Much of the current church structure dates to the 15th century, although parts of the nave and chancel originate from the late 12th century. The south wall of the chancel, the north wall of the nave, and the tower were all reconstructed during the 15th century. Additionally, the south wall of the nave was heightened during this period. A south porch was added in the 17th century, constructed from fragments of old stonework.

The church underwent extensive restoration and reseating in 1865. The restoration was funded by voluntary subscriptions and Gonville and Caius College, which has been the parish's principal landowner since 1570. The work was conducted by Mr. R. Reynolds of Weymouth, with Mr. S. Pitman as clerk of the works. The masonry work was undertaken by Mr. George Roper from Bincombe. While the church was closed for restoration, a nearby barn served as a temporary place of worship.
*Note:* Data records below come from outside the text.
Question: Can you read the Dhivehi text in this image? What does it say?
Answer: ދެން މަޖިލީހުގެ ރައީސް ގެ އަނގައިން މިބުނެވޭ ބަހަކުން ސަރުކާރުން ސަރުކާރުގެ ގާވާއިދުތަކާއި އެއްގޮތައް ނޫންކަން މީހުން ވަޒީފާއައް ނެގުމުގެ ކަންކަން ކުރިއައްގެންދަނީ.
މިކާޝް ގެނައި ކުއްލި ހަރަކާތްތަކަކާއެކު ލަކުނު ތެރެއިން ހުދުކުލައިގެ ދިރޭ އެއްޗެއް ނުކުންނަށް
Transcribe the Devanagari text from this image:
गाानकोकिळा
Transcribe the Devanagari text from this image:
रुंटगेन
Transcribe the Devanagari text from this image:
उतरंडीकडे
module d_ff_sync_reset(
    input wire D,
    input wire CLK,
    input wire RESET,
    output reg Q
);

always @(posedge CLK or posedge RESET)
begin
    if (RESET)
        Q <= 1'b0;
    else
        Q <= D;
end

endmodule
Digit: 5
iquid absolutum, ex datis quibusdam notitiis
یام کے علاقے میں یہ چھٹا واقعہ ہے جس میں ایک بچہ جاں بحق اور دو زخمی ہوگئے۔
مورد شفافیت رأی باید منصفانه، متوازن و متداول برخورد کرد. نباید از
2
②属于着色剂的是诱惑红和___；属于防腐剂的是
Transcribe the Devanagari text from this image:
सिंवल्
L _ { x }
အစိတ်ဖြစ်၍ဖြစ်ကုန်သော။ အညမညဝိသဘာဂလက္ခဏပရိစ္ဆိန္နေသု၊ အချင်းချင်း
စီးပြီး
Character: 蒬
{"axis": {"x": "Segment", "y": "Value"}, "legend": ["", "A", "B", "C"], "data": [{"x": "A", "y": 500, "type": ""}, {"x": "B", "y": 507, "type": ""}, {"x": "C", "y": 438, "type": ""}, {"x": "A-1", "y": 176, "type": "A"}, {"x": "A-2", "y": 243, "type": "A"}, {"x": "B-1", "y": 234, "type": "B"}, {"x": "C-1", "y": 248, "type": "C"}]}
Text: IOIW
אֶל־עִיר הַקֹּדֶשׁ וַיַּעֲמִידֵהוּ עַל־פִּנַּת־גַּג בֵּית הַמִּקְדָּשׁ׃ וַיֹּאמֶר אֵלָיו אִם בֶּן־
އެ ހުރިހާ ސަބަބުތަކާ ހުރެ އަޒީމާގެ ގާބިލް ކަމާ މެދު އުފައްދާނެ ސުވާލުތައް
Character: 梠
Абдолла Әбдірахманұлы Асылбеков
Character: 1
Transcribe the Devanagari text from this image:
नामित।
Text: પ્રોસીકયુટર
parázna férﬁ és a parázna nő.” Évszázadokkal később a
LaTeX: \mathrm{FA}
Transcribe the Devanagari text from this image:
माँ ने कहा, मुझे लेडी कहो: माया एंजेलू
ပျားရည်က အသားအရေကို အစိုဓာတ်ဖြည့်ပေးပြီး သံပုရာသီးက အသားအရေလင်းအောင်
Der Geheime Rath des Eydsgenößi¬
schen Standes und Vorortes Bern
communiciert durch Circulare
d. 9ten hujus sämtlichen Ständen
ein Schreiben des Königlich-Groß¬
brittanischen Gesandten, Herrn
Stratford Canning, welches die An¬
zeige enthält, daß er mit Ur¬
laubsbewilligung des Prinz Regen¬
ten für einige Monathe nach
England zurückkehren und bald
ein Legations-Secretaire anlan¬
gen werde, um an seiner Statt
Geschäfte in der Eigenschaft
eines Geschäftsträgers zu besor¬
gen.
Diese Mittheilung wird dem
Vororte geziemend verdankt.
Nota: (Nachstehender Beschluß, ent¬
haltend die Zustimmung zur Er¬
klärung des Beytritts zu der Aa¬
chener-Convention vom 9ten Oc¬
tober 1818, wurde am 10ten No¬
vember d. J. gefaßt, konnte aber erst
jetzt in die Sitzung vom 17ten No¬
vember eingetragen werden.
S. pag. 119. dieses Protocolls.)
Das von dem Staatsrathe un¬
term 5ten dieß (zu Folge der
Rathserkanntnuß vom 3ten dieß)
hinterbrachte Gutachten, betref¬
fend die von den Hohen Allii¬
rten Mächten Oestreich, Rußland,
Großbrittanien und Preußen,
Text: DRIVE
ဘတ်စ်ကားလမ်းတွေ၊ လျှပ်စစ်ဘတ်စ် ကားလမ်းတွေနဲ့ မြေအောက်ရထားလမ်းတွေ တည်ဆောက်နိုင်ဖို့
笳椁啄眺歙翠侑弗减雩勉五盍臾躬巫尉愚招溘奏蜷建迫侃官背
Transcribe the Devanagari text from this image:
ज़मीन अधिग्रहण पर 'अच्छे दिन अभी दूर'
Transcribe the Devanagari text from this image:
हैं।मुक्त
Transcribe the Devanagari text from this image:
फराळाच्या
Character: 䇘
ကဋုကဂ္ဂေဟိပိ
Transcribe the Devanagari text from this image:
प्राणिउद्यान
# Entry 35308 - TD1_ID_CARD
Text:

The interior was restored, the eastern wall of the chancel was rebuilt, and the external walls were strengthened and underpinned. The church's pews were removed and replaced with new seating of stained deal. Some new fittings were also added, including a communion table, pulpit, reading desk and harmonium. The church was reopened by the Bishop of Salisbury, the Right Rev. Walter Kerr Hamilton, on 31 July 1865. The reopening was brought forward to coincide with the Bishop's visit to Dorchester for an archaeological meeting.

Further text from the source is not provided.